BEGIN Material for this exercise

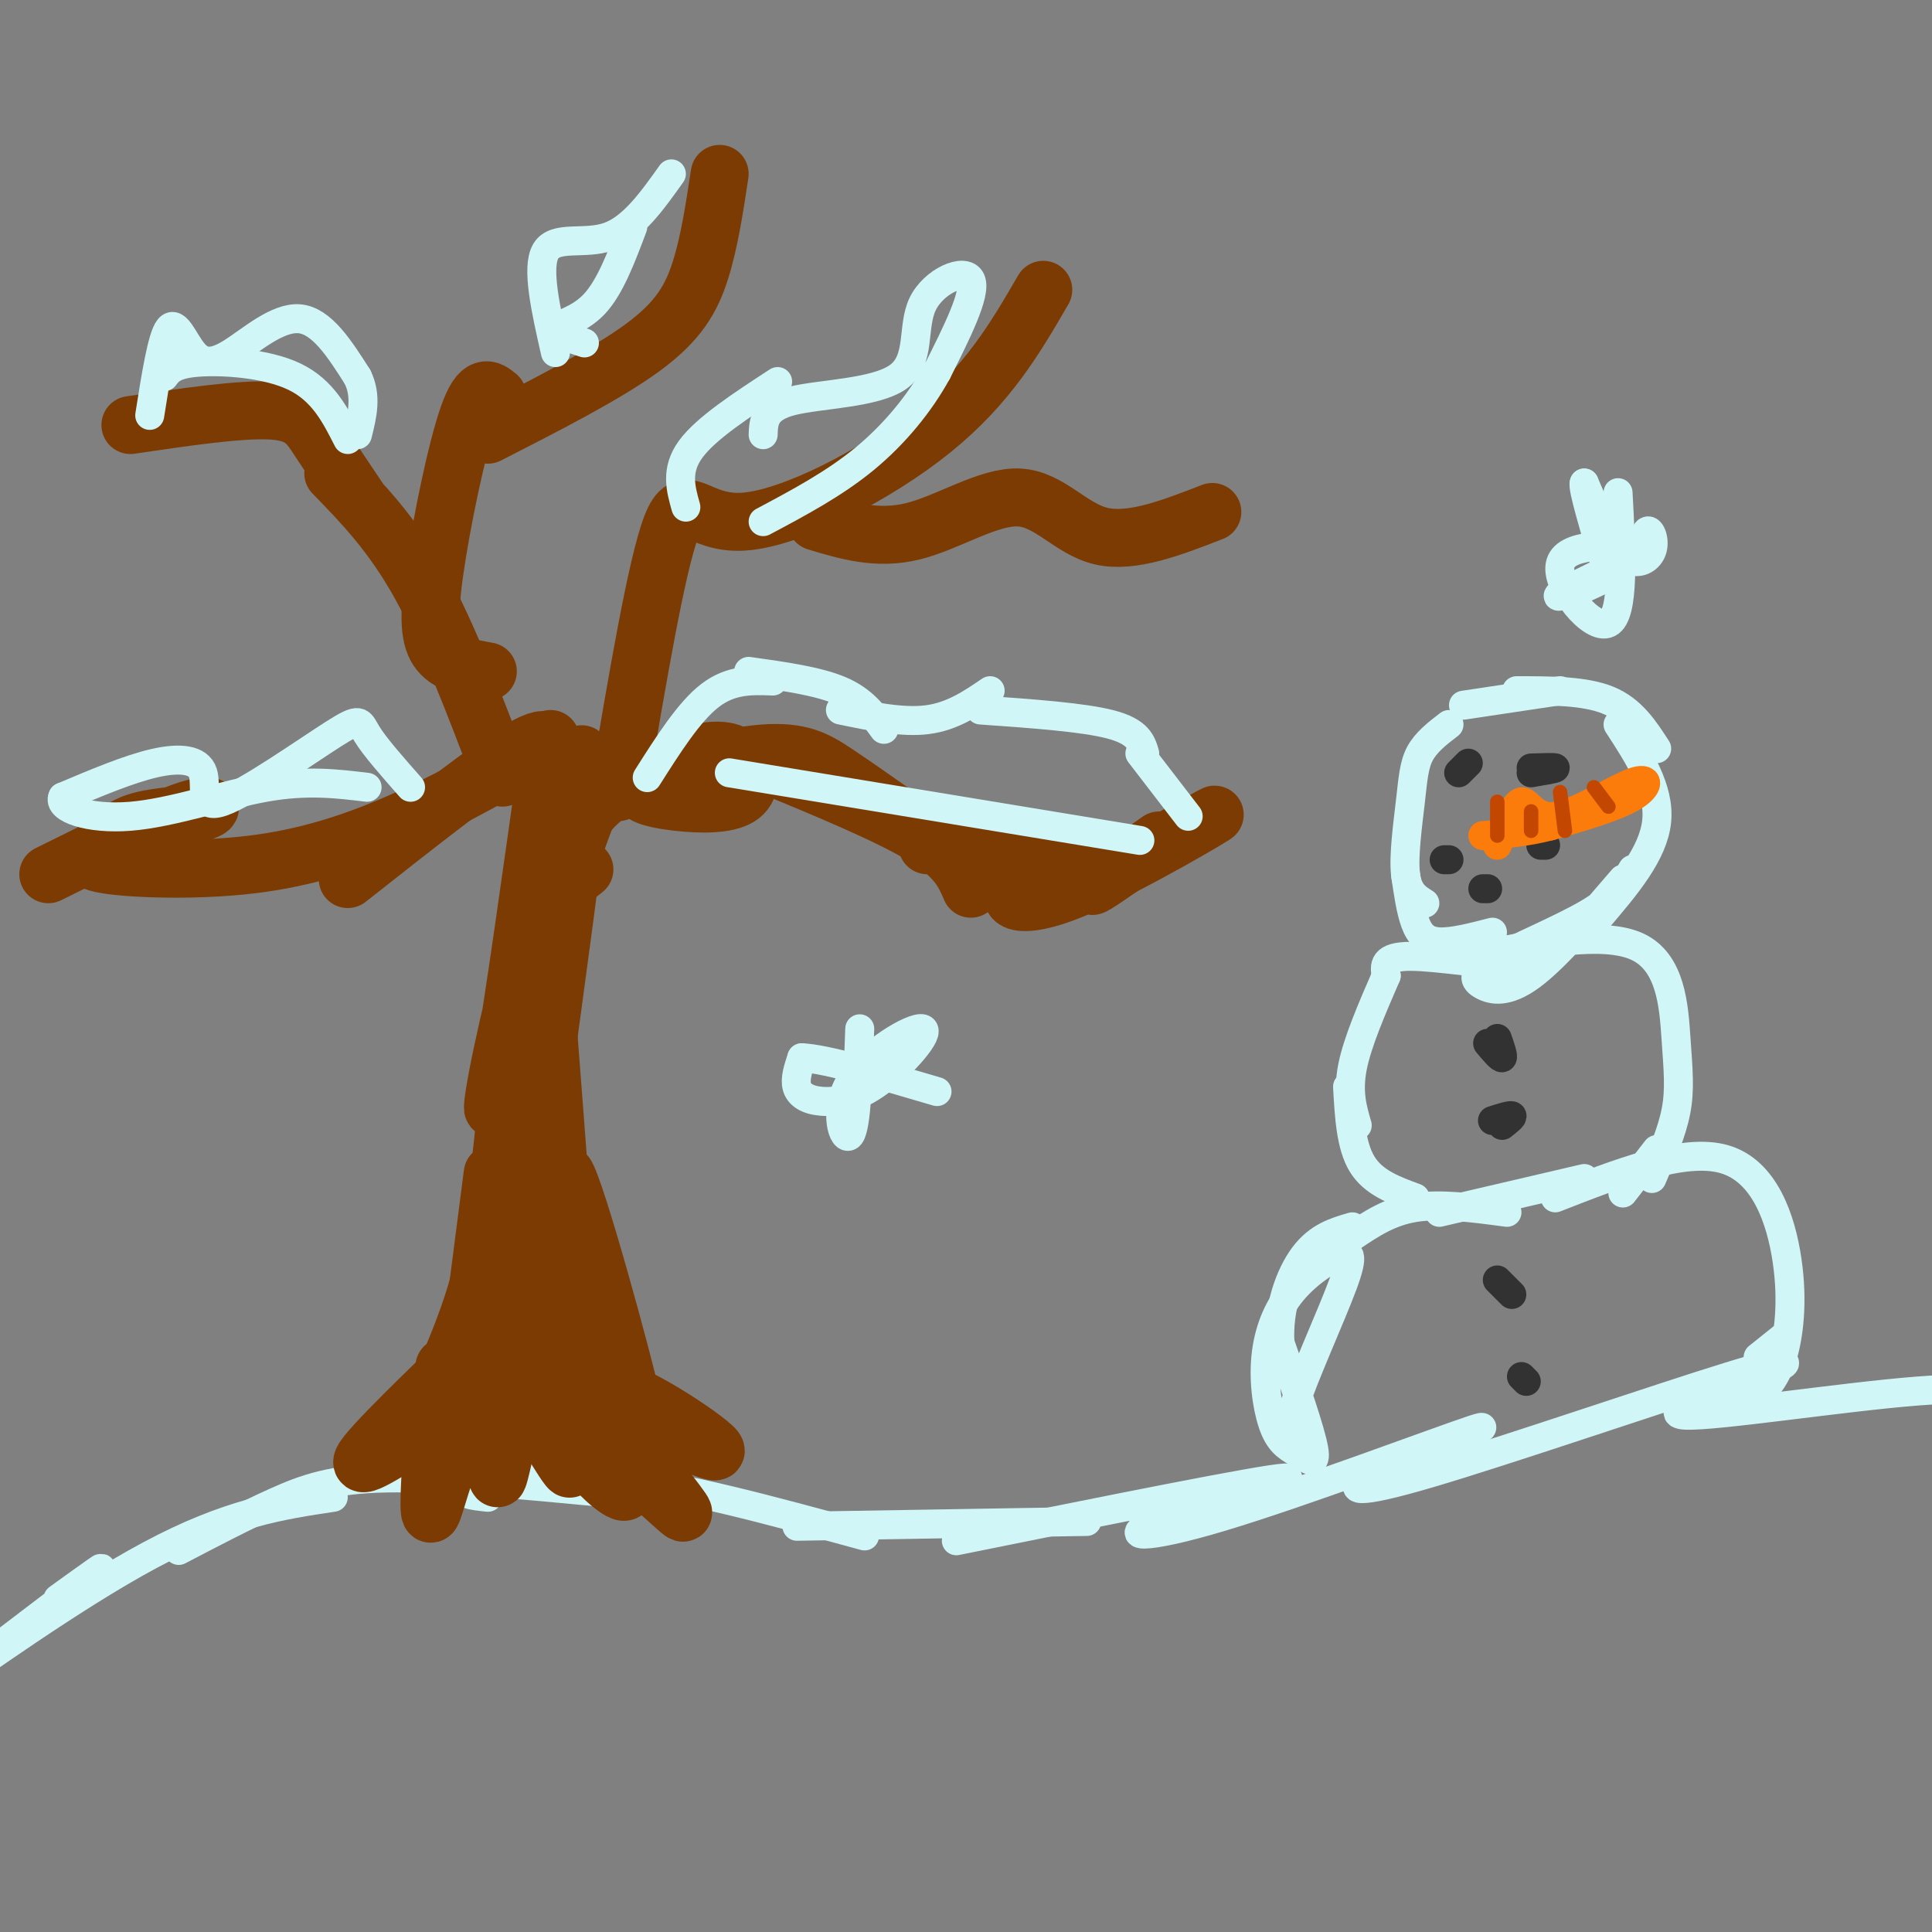<svg viewBox='0 0 400 400' version='1.1' xmlns='http://www.w3.org/2000/svg' xmlns:xlink='http://www.w3.org/1999/xlink'><rect x="0" y="0" width="400" height="400" fill="#808080" stroke="none"/><g fill='none' stroke='rgb(208,246,247)' stroke-width='6' stroke-linecap='round' stroke-linejoin='round'><path d='M12,331c6.411,-4.625 12.821,-9.250 6,-4c-6.821,5.250 -26.875,20.375 -26,20c0.875,-0.375 22.679,-16.250 39,-25c16.321,-8.750 27.161,-10.375 38,-12'/><path d='M37,321c6.889,-3.600 13.778,-7.200 20,-10c6.222,-2.800 11.778,-4.800 23,-5c11.222,-0.200 28.111,1.400 45,3'/><path d='M101,310c-3.200,-0.356 -6.400,-0.711 -3,-2c3.400,-1.289 13.400,-3.511 28,-2c14.600,1.511 33.800,6.756 53,12'/><path d='M165,316c0.000,0.000 60.000,-1.000 60,-1'/><path d='M198,319c31.628,-6.384 63.257,-12.769 68,-13c4.743,-0.231 -17.399,5.691 -26,9c-8.601,3.309 -3.662,4.006 13,-1c16.662,-5.006 45.046,-15.716 52,-18c6.954,-2.284 -7.523,3.858 -22,10'/><path d='M283,306c-4.010,2.493 -3.034,3.727 13,-1c16.034,-4.727 47.128,-15.413 62,-20c14.872,-4.587 13.522,-3.075 6,0c-7.522,3.075 -21.218,7.712 -15,8c6.218,0.288 32.348,-3.775 48,-5c15.652,-1.225 20.826,0.387 26,2'/></g>
<g fill='none' stroke='rgb(124,59,2)' stroke-width='6' stroke-linecap='round' stroke-linejoin='round'><path d='M99,288c3.644,-3.200 7.289,-6.400 3,-3c-4.289,3.400 -16.511,13.400 -21,17c-4.489,3.600 -1.244,0.800 2,-2'/><path d='M92,293c1.077,-5.482 2.155,-10.964 9,-7c6.845,3.964 19.458,17.375 21,17c1.542,-0.375 -7.988,-14.536 -10,-18c-2.012,-3.464 3.494,3.768 9,11'/><path d='M121,296c3.167,3.667 6.583,7.333 10,11'/><path d='M93,295c0.000,0.000 6.000,-2.000 6,-2'/></g>
<g fill='none' stroke='rgb(124,59,2)' stroke-width='12' stroke-linecap='round' stroke-linejoin='round'><path d='M97,280c3.622,-3.489 7.244,-6.978 2,-2c-5.244,4.978 -19.356,18.422 -23,23c-3.644,4.578 3.178,0.289 10,-4'/><path d='M92,290c3.851,-3.176 7.702,-6.352 9,-9c1.298,-2.648 0.044,-4.770 4,2c3.956,6.770 13.124,22.430 13,21c-0.124,-1.430 -9.538,-19.950 -8,-21c1.538,-1.050 14.030,15.371 18,22c3.970,6.629 -0.580,3.465 -4,0c-3.420,-3.465 -5.710,-7.233 -8,-11'/><path d='M97,280c-2.233,1.340 -4.465,2.680 -6,10c-1.535,7.320 -2.372,20.620 -2,23c0.372,2.380 1.955,-6.161 5,-13c3.045,-6.839 7.554,-11.976 9,-9c1.446,2.976 -0.169,14.066 0,15c0.169,0.934 2.122,-8.287 3,-13c0.878,-4.713 0.679,-4.918 5,-2c4.321,2.918 13.160,8.959 22,15'/><path d='M133,306c6.268,5.073 10.938,10.257 7,5c-3.938,-5.257 -16.483,-20.954 -14,-23c2.483,-2.046 19.995,9.558 22,12c2.005,2.442 -11.498,-4.279 -25,-11'/><path d='M105,285c0.000,0.000 -13.000,-2.000 -13,-2'/><path d='M98,274c0.000,0.000 4.000,-31.000 4,-31'/><path d='M92,285c3.333,-7.833 6.667,-15.667 9,-27c2.333,-11.333 3.667,-26.167 5,-41'/><path d='M117,290c3.714,6.452 7.429,12.905 6,-1c-1.429,-13.905 -8.000,-48.167 -6,-46c2.000,2.167 12.571,40.762 14,48c1.429,7.238 -6.286,-16.881 -14,-41'/><path d='M117,250c-1.733,2.467 0.933,29.133 1,26c0.067,-3.133 -2.467,-36.067 -5,-69'/><path d='M114,242c-0.774,28.429 -1.548,56.857 -2,43c-0.452,-13.857 -0.583,-70.000 -1,-70c-0.417,0.000 -1.119,56.143 -1,68c0.119,11.857 1.060,-20.571 2,-53'/><path d='M112,230c1.131,-19.917 2.958,-43.208 2,-28c-0.958,15.208 -4.702,68.917 -5,71c-0.298,2.083 2.851,-47.458 6,-97'/><path d='M109,223c-0.689,4.400 -1.378,8.800 -1,4c0.378,-4.800 1.822,-18.800 5,-32c3.178,-13.200 8.089,-25.600 13,-38'/><path d='M121,180c-1.084,0.872 -2.168,1.745 -3,2c-0.832,0.255 -1.411,-0.107 -1,-3c0.411,-2.893 1.814,-8.318 7,-13c5.186,-4.682 14.156,-8.622 20,-10c5.844,-1.378 8.562,-0.194 10,2c1.438,2.194 1.596,5.398 -1,7c-2.596,1.602 -7.947,1.600 -13,1c-5.053,-0.600 -9.808,-1.800 -6,-4c3.808,-2.200 16.179,-5.400 24,-6c7.821,-0.600 11.092,1.400 15,4c3.908,2.600 8.454,5.800 13,9'/><path d='M158,158c12.917,5.333 25.833,10.667 33,15c7.167,4.333 8.583,7.667 10,11'/><path d='M192,175c16.455,-0.164 32.909,-0.329 35,1c2.091,1.329 -10.182,4.150 -15,7c-4.818,2.850 -2.182,5.729 8,2c10.182,-3.729 27.909,-14.065 31,-16c3.091,-1.935 -8.455,4.533 -20,11'/><path d='M231,180c-4.578,2.778 -6.022,4.222 -4,3c2.022,-1.222 7.511,-5.111 13,-9'/><path d='M112,226c3.343,-24.451 6.686,-48.903 8,-61c1.314,-12.097 0.600,-11.841 -3,1c-3.600,12.841 -10.085,38.265 -13,52c-2.915,13.735 -2.262,15.781 0,3c2.262,-12.781 6.131,-40.391 10,-68'/><path d='M113,158c0.917,-3.500 1.833,-7.000 -5,-3c-6.833,4.000 -21.417,15.500 -36,27'/><path d='M103,160c-6.906,3.766 -13.812,7.531 -22,11c-8.188,3.469 -17.657,6.641 -29,8c-11.343,1.359 -24.561,0.904 -30,0c-5.439,-0.904 -3.098,-2.259 -1,-4c2.098,-1.741 3.954,-3.869 8,-5c4.046,-1.131 10.282,-1.266 13,-2c2.718,-0.734 1.920,-2.067 -4,0c-5.920,2.067 -16.960,7.533 -28,13'/><path d='M104,161c-5.583,-14.750 -11.167,-29.500 -17,-40c-5.833,-10.500 -11.917,-16.750 -18,-23'/><path d='M74,103c-2.911,-4.333 -5.822,-8.667 -8,-12c-2.178,-3.333 -3.622,-5.667 -10,-6c-6.378,-0.333 -17.689,1.333 -29,3'/><path d='M101,139c-3.940,-0.696 -7.881,-1.393 -10,-4c-2.119,-2.607 -2.417,-7.125 -1,-17c1.417,-9.875 4.548,-25.107 7,-32c2.452,-6.893 4.226,-5.446 6,-4'/><path d='M101,90c12.267,-6.267 24.533,-12.533 32,-18c7.467,-5.467 10.133,-10.133 12,-16c1.867,-5.867 2.933,-12.933 4,-20'/><path d='M128,164c3.976,-23.524 7.952,-47.048 11,-55c3.048,-7.952 5.167,-0.333 15,-1c9.833,-0.667 27.381,-9.619 39,-19c11.619,-9.381 17.310,-19.190 23,-29'/><path d='M169,108c6.333,1.905 12.667,3.810 20,2c7.333,-1.810 15.667,-7.333 22,-7c6.333,0.333 10.667,6.524 17,8c6.333,1.476 14.667,-1.762 23,-5'/></g>
<g fill='none' stroke='rgb(208,246,247)' stroke-width='6' stroke-linecap='round' stroke-linejoin='round'><path d='M134,161c4.333,-6.833 8.667,-13.667 13,-17c4.333,-3.333 8.667,-3.167 13,-3'/><path d='M155,139c7.167,1.000 14.333,2.000 19,4c4.667,2.000 6.833,5.000 9,8'/><path d='M174,147c6.417,1.333 12.833,2.667 18,2c5.167,-0.667 9.083,-3.333 13,-6'/><path d='M203,147c10.667,0.750 21.333,1.500 27,3c5.667,1.500 6.333,3.750 7,6'/><path d='M236,156c0.000,0.000 10.000,13.000 10,13'/><path d='M151,160c0.000,0.000 85.000,14.000 85,14'/><path d='M142,105c-1.083,-3.833 -2.167,-7.667 1,-12c3.167,-4.333 10.583,-9.167 18,-14'/><path d='M158,90c0.105,-2.777 0.211,-5.553 6,-7c5.789,-1.447 17.263,-1.563 22,-5c4.737,-3.437 2.737,-10.195 5,-15c2.263,-4.805 8.789,-7.659 10,-5c1.211,2.659 -2.895,10.829 -7,19'/><path d='M194,77c-3.489,6.378 -8.711,12.822 -15,18c-6.289,5.178 -13.644,9.089 -21,13'/><path d='M85,163c-3.690,-4.183 -7.379,-8.366 -9,-11c-1.621,-2.634 -1.172,-3.720 -7,0c-5.828,3.720 -17.933,12.244 -23,14c-5.067,1.756 -3.095,-3.258 -4,-6c-0.905,-2.742 -4.687,-3.212 -10,-2c-5.313,1.212 -12.156,4.106 -19,7'/><path d='M13,165c-1.190,2.345 5.333,4.708 14,4c8.667,-0.708 19.476,-4.488 28,-6c8.524,-1.512 14.762,-0.756 21,0'/><path d='M34,78c0.978,-1.311 1.956,-2.622 7,-3c5.044,-0.378 14.156,0.178 20,3c5.844,2.822 8.422,7.911 11,13'/><path d='M31,86c1.274,-8.099 2.549,-16.198 4,-18c1.451,-1.802 3.080,2.692 5,5c1.920,2.308 4.132,2.429 8,0c3.868,-2.429 9.391,-7.408 14,-7c4.609,0.408 8.305,6.204 12,12'/><path d='M74,78c2.000,4.000 1.000,8.000 0,12'/><path d='M121,71c-3.244,-1.067 -6.489,-2.133 -6,-3c0.489,-0.867 4.711,-1.533 8,-5c3.289,-3.467 5.644,-9.733 8,-16'/><path d='M115,73c-2.000,-8.822 -4.000,-17.644 -2,-21c2.000,-3.356 8.000,-1.244 13,-3c5.000,-1.756 9.000,-7.378 13,-13'/><path d='M335,102c0.689,12.644 1.378,25.289 -2,27c-3.378,1.711 -10.822,-7.511 -10,-12c0.822,-4.489 9.911,-4.244 19,-4'/><path d='M342,113c-2.004,1.807 -16.515,8.323 -19,10c-2.485,1.677 7.055,-1.487 12,-5c4.945,-3.513 5.295,-7.375 6,-8c0.705,-0.625 1.767,1.985 1,4c-0.767,2.015 -3.362,3.433 -6,1c-2.638,-2.433 -5.319,-8.716 -8,-15'/><path d='M328,100c-0.500,0.667 2.250,9.833 5,19'/><path d='M178,213c-0.340,10.131 -0.680,20.261 -2,22c-1.320,1.739 -3.619,-4.914 0,-11c3.619,-6.086 13.158,-11.606 15,-11c1.842,0.606 -4.011,7.338 -9,11c-4.989,3.662 -9.112,4.255 -12,4c-2.888,-0.255 -4.539,-1.359 -5,-3c-0.461,-1.641 0.270,-3.821 1,-6'/><path d='M166,219c4.833,0.167 16.417,3.583 28,7'/><path d='M270,296c-1.938,0.494 -3.877,0.988 -2,-5c1.877,-5.988 7.568,-18.457 10,-25c2.432,-6.543 1.605,-7.161 -1,-6c-2.605,1.161 -6.987,4.099 -10,8c-3.013,3.901 -4.658,8.763 -5,14c-0.342,5.237 0.620,10.847 2,14c1.380,3.153 3.179,3.849 5,5c1.821,1.151 3.663,2.757 3,-1c-0.663,-3.757 -3.832,-12.879 -7,-22'/><path d='M265,278c-0.422,-7.156 2.022,-14.044 5,-18c2.978,-3.956 6.489,-4.978 10,-6'/><path d='M280,256c3.833,-2.583 7.667,-5.167 13,-6c5.333,-0.833 12.167,0.083 19,1'/><path d='M298,251c0.000,0.000 30.000,-7.000 30,-7'/><path d='M322,248c13.321,-5.208 26.643,-10.417 35,-8c8.357,2.417 11.750,12.458 13,21c1.250,8.542 0.357,15.583 -1,20c-1.357,4.417 -3.179,6.208 -5,8'/><path d='M364,281c0.000,0.000 5.000,-4.000 5,-4'/><path d='M293,248c-4.333,-1.583 -8.667,-3.167 -11,-7c-2.333,-3.833 -2.667,-9.917 -3,-16'/><path d='M281,233c-1.000,-3.417 -2.000,-6.833 -1,-12c1.000,-5.167 4.000,-12.083 7,-19'/><path d='M287,202c-0.356,-2.000 -0.711,-4.000 5,-4c5.711,0.000 17.489,2.000 23,2c5.511,0.000 4.756,-2.000 4,-4'/><path d='M305,198c13.494,-2.631 26.988,-5.262 34,-2c7.012,3.262 7.542,12.417 8,19c0.458,6.583 0.845,10.595 0,15c-0.845,4.405 -2.923,9.202 -5,14'/><path d='M343,238c0.000,0.000 -7.000,9.000 -7,9'/><path d='M309,193c-4.133,1.067 -8.267,2.133 -11,2c-2.733,-0.133 -4.067,-1.467 -5,-4c-0.933,-2.533 -1.467,-6.267 -2,-10'/><path d='M295,187c-1.780,-1.101 -3.560,-2.202 -4,-6c-0.440,-3.798 0.458,-10.292 1,-15c0.542,-4.708 0.726,-7.631 2,-10c1.274,-2.369 3.637,-4.185 6,-6'/><path d='M303,146c0.000,0.000 20.000,-3.000 20,-3'/><path d='M314,143c7.083,0.000 14.167,0.000 19,2c4.833,2.000 7.417,6.000 10,10'/><path d='M335,150c4.333,6.667 8.667,13.333 8,20c-0.667,6.667 -6.333,13.333 -12,20'/><path d='M336,182c-6.982,8.140 -13.965,16.281 -19,20c-5.035,3.719 -8.123,3.018 -10,2c-1.877,-1.018 -2.544,-2.351 2,-5c4.544,-2.649 14.298,-6.614 20,-10c5.702,-3.386 7.351,-6.193 9,-9'/></g>
<g fill='none' stroke='rgb(50,50,50)' stroke-width='6' stroke-linecap='round' stroke-linejoin='round'><path d='M304,158c0.000,0.000 -2.000,2.000 -2,2'/><path d='M317,160c2.500,-0.417 5.000,-0.833 5,-1c0.000,-0.167 -2.500,-0.083 -5,0'/><path d='M308,216c1.333,1.583 2.667,3.167 3,3c0.333,-0.167 -0.333,-2.083 -1,-4'/><path d='M311,233c1.167,-0.917 2.333,-1.833 2,-2c-0.333,-0.167 -2.167,0.417 -4,1'/><path d='M311,266c1.083,1.083 2.167,2.167 2,2c-0.167,-0.167 -1.583,-1.583 -3,-3'/><path d='M316,286c0.000,0.000 -1.000,-1.000 -1,-1'/><path d='M300,178c0.000,0.000 -1.000,0.000 -1,0'/><path d='M308,184c0.000,0.000 -1.000,0.000 -1,0'/><path d='M319,175c0.000,0.000 1.000,0.000 1,0'/></g>
<g fill='none' stroke='rgb(251,123,11)' stroke-width='6' stroke-linecap='round' stroke-linejoin='round'><path d='M310,175c1.778,-4.370 3.557,-8.740 5,-9c1.443,-0.260 2.552,3.590 7,3c4.448,-0.590 12.236,-5.620 16,-7c3.764,-1.380 3.504,0.892 0,3c-3.504,2.108 -10.252,4.054 -17,6'/><path d='M321,171c-5.167,1.333 -9.583,1.667 -14,2'/></g>
<g fill='none' stroke='rgb(195,71,1)' stroke-width='3' stroke-linecap='round' stroke-linejoin='round'><path d='M310,166c0.000,0.000 0.000,7.000 0,7'/><path d='M317,168c0.000,0.000 0.000,4.000 0,4'/><path d='M323,164c0.000,0.000 1.000,8.000 1,8'/><path d='M330,163c0.000,0.000 3.000,4.000 3,4'/></g>
</svg>

END Material for this exercise

Your answer should consist only of the lines from the one that holds "<g fill='none' stroke='rgb(251,123,11)'" to the end of the entries above, both ends included, each repeated exactly.

■ Reply to the task
<g fill='none' stroke='rgb(251,123,11)' stroke-width='6' stroke-linecap='round' stroke-linejoin='round'><path d='M310,175c1.778,-4.370 3.557,-8.740 5,-9c1.443,-0.260 2.552,3.590 7,3c4.448,-0.590 12.236,-5.620 16,-7c3.764,-1.380 3.504,0.892 0,3c-3.504,2.108 -10.252,4.054 -17,6'/><path d='M321,171c-5.167,1.333 -9.583,1.667 -14,2'/></g>
<g fill='none' stroke='rgb(195,71,1)' stroke-width='3' stroke-linecap='round' stroke-linejoin='round'><path d='M310,166c0.000,0.000 0.000,7.000 0,7'/><path d='M317,168c0.000,0.000 0.000,4.000 0,4'/><path d='M323,164c0.000,0.000 1.000,8.000 1,8'/><path d='M330,163c0.000,0.000 3.000,4.000 3,4'/></g>
</svg>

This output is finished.